皇后並非盛景玉生母,他生母早已去世,但皇后待他如同親生,更是早早的就把他記在自己名下。
當年盛景玉生病,皇后險些哭瞎雙眼。
不過皇后一直不待見蘇文鳶,嫌棄蘇文鳶瘸腿又小家子氣,因此成親後沒有馬上召見,而是晾了一個月。
現在突然召見,還要面見皇上。
蘇文鳶想了想問道:“王爺不用去嗎?”
孟奇回答:“皇上讓王爺好好休息,不必入宮,所以只有王妃一人。”
蘇文鳶撇了撇嘴,看來是要找她的麻煩。
皇上皇后因為著火一事,肯定已經對她有了意見,府裡下人還磨磨蹭蹭的,讓她遲到多時。
“算了月秀,你隨便挑兩根簪子,拿著路上戴,我們再去廚房看看,反正都遲了。”
她想看看廚房是不是還沒開始做她的早飯?
孟奇帶路,還沒走進去,就聽到了裡面的刺耳笑聲。
笑得自然是她這位王妃。
“頭一次見到這麼簡單的親事,大戶人家娶個妾,都得準備點什麼,我們這位王妃,一頂破花轎就抬進來了。”

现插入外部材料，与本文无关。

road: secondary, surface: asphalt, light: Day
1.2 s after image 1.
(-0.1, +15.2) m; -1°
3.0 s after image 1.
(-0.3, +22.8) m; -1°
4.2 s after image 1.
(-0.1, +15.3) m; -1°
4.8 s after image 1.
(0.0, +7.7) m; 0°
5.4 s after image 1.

說話的婆子瘦的跟猴一樣,尖嘴猴腮,一看就是個難相處的。
“我都打聽清楚了,她在丞相府的時候,府裡嫡小姐都不讓她出門!廚房也都是送些冷了餿了的飯過去給她吃。”
“來到宸王府,我們也不必管她,她自己就能活!免得慣出毛病來,踩在我們頭上。”
“已經慣出來了,今早還讓丫鬟給她打水,在丞相府都是自己去打得水。”
蘇文鳶站在院外,聽到這些話她的第一反應是難過。
蘇原拿了那麼多的東西,就不捨得讓原主生活的好一點?活該他全吐出來。
“小姐……”月秀都要哭了。
蘇文鳶深吸一口氣,擠出個笑容說道:“天殺的蘇原。”
既然佔了原主的身體,總不能不辦事吧,當年喪母的蘇文鳶,才幾歲啊?苛待一個孩子,他們怎麼想的?
廚房裡的婆子還在笑,蘇文鳶快步進去,冷聲問道:“什麼都我自己來了,養你們幹什麼?我這王妃的位置,讓給你們好不好?”

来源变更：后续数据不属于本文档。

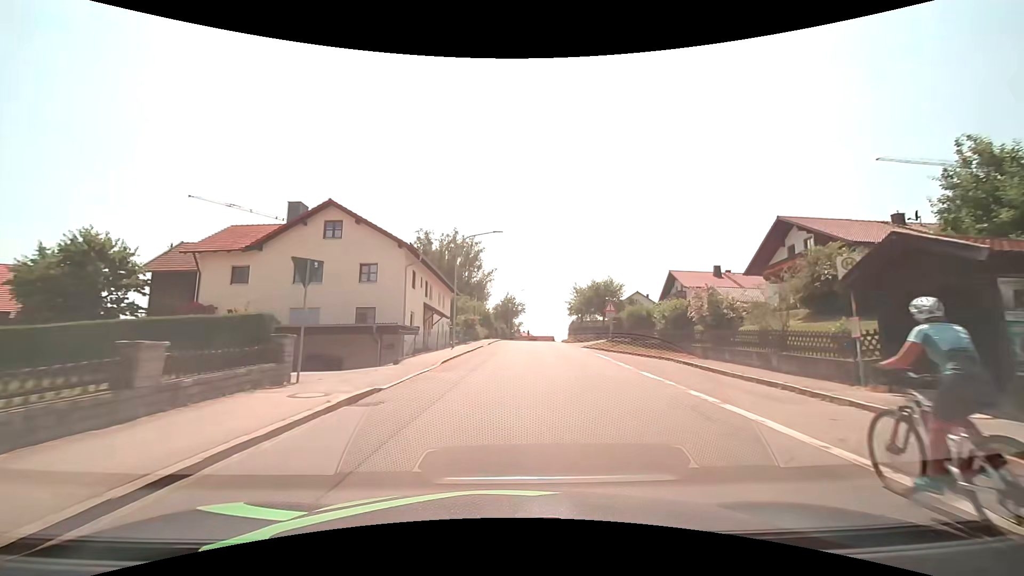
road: tertiary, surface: asphalt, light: Day
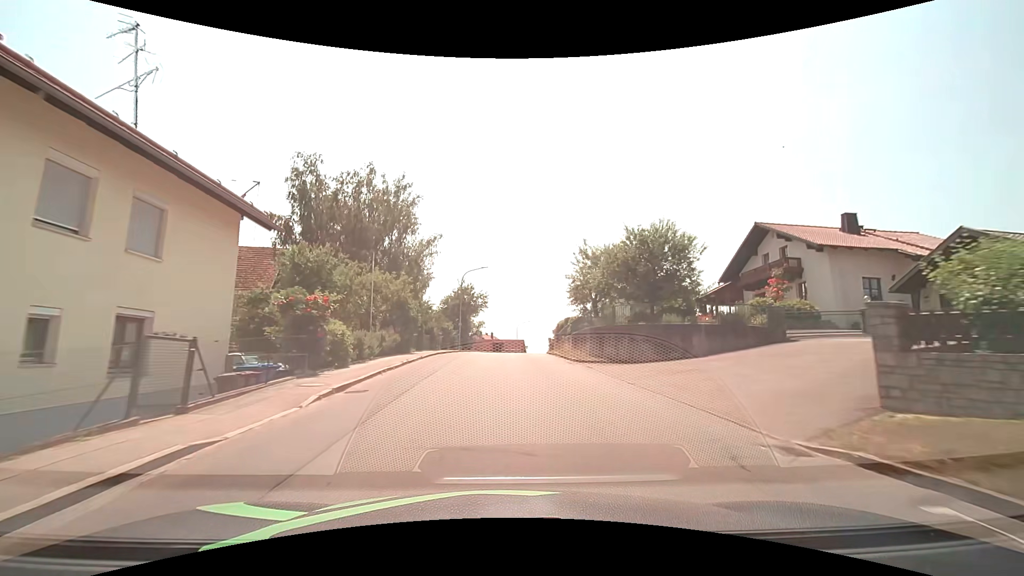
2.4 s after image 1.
(+1.4, +30.5) m; +4°
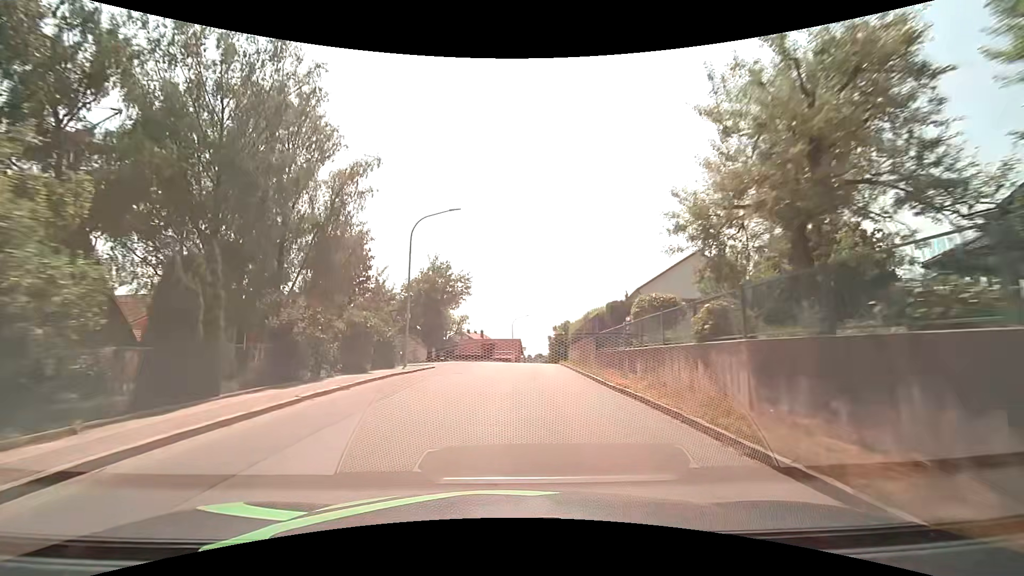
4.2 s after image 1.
(+0.2, +22.9) m; +1°
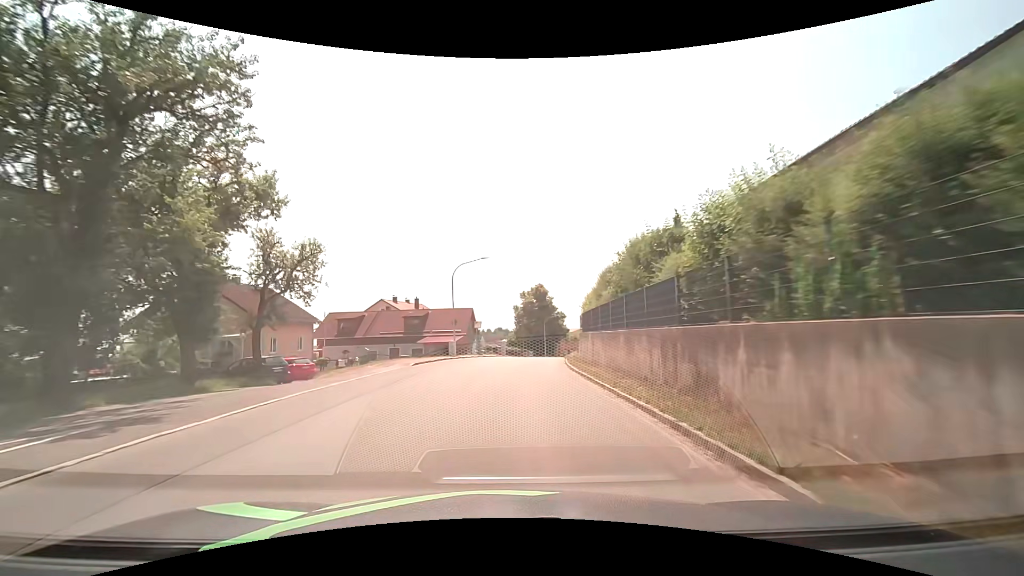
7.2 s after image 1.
(+1.7, +38.7) m; +4°
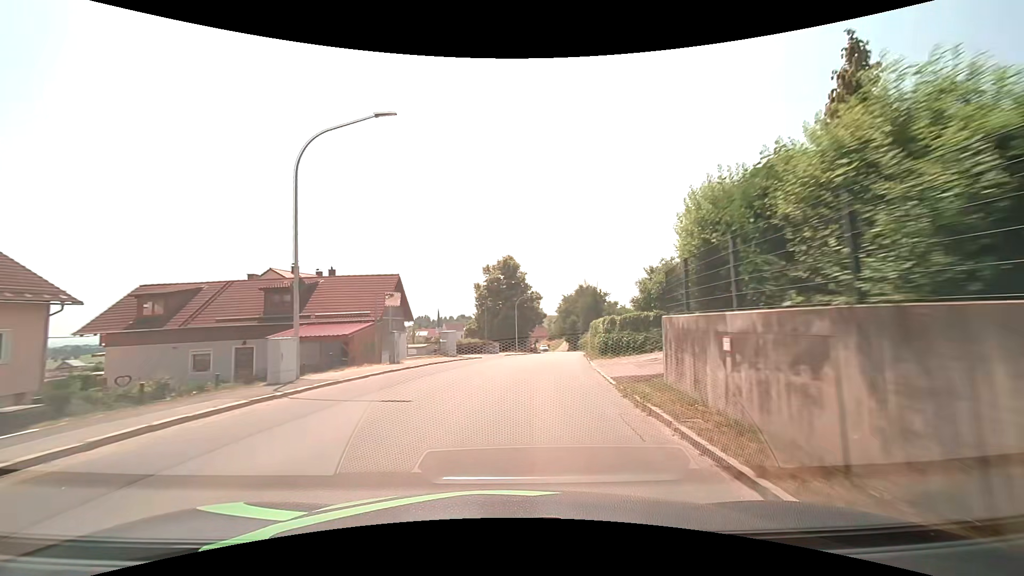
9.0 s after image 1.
(+0.7, +23.6) m; +4°
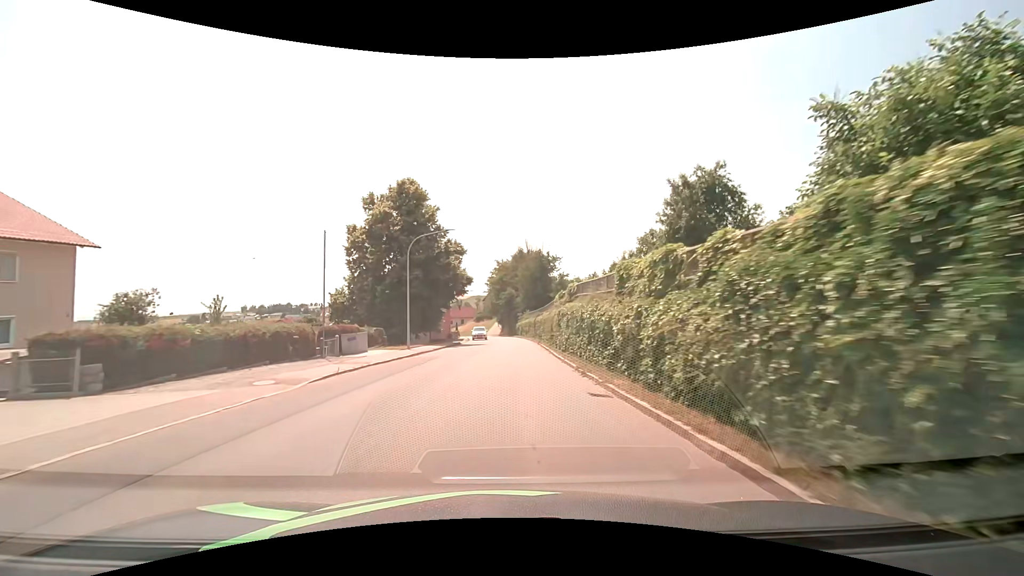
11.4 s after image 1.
(+2.6, +31.5) m; +8°
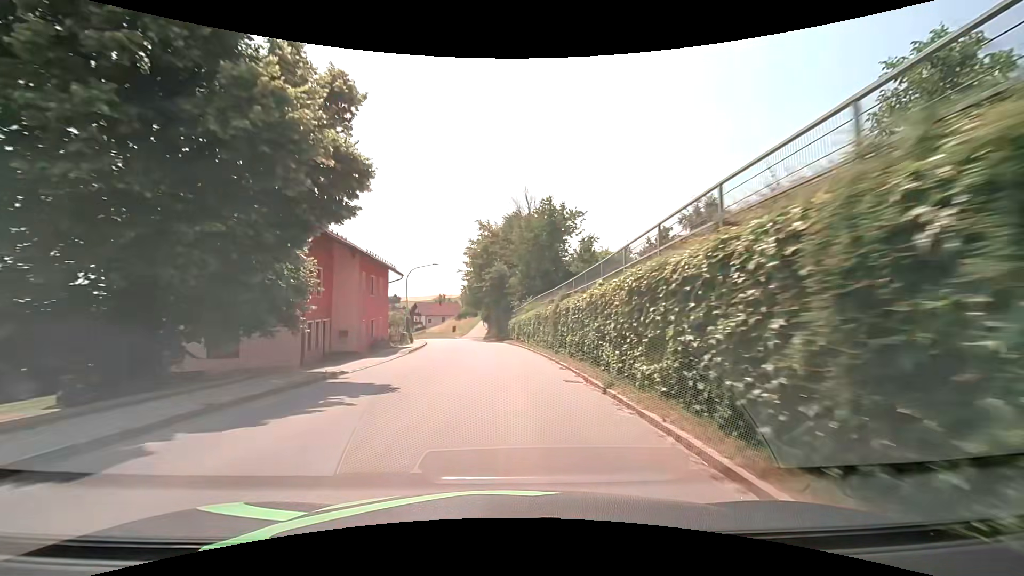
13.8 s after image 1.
(+0.4, +31.7) m; +1°
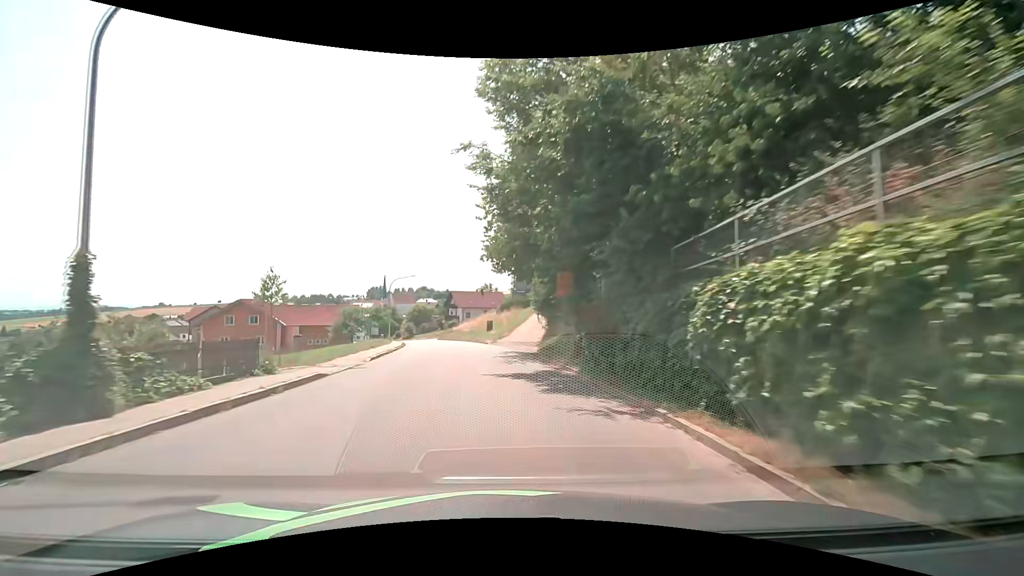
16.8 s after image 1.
(-1.4, +38.4) m; -6°
(0, +10) (-1, +20) (-2, +30) (-3, +40) (-5, +50) (-7, +59) (-10, +69) (-13, +79) (-16, +88) (-20, +97) m

“都說宸王府是狼窩虎穴,下人差事難做,我看可是輕鬆的很啊,菜葉子一根根洗,等你們炒盤菜,得下個月了吧?”
蘇文鳶怒聲呵斥,又抬手掀翻了菜盆。
幾聲怒喝,暫時嚇住了這些人。
但皇上皇后還等著她,她沒時間多說。
“先進宮。”蘇文鳶轉身離開,回來再處理她們。
她還沒走遠,廚房就熱鬧起來了,那個瘦婆子率先喊道。
“呸!什麼東西?昨天才入府,沒有三媒六聘,也沒有迎親拜堂,今天就擺上王妃的譜了?”
“我們伺候王爺多年,輪得到她說三道四嗎?”
“既然不滿意,以後她自己做飯吃,不伺候了,王爺還能因為一個剛進門的王妃,就把我們這些老奴攆出去嗎?”
這些話蘇文鳶自然是聽得清清楚楚,周圍人也都聽到了。
事情傳到盛景玉耳朵裡,他對此毫不意外。
府裡下人猖狂慣了,但並未敷衍過他。
面對新來的王妃,不服氣是正常的,盛景玉想看看她要如何收場。
承明宮,皇上皇后已經等待多時,皇上面沉似水,雙眉緊皺。
“皇上,宸王妃到了。”旁邊太監回稟。
“讓她進來。”皇上冷著臉。
蘇文鳶邁步進去的瞬間,頓時感覺頭頂壓了兩座大山,無形的威壓讓她的腳步愈發沉重。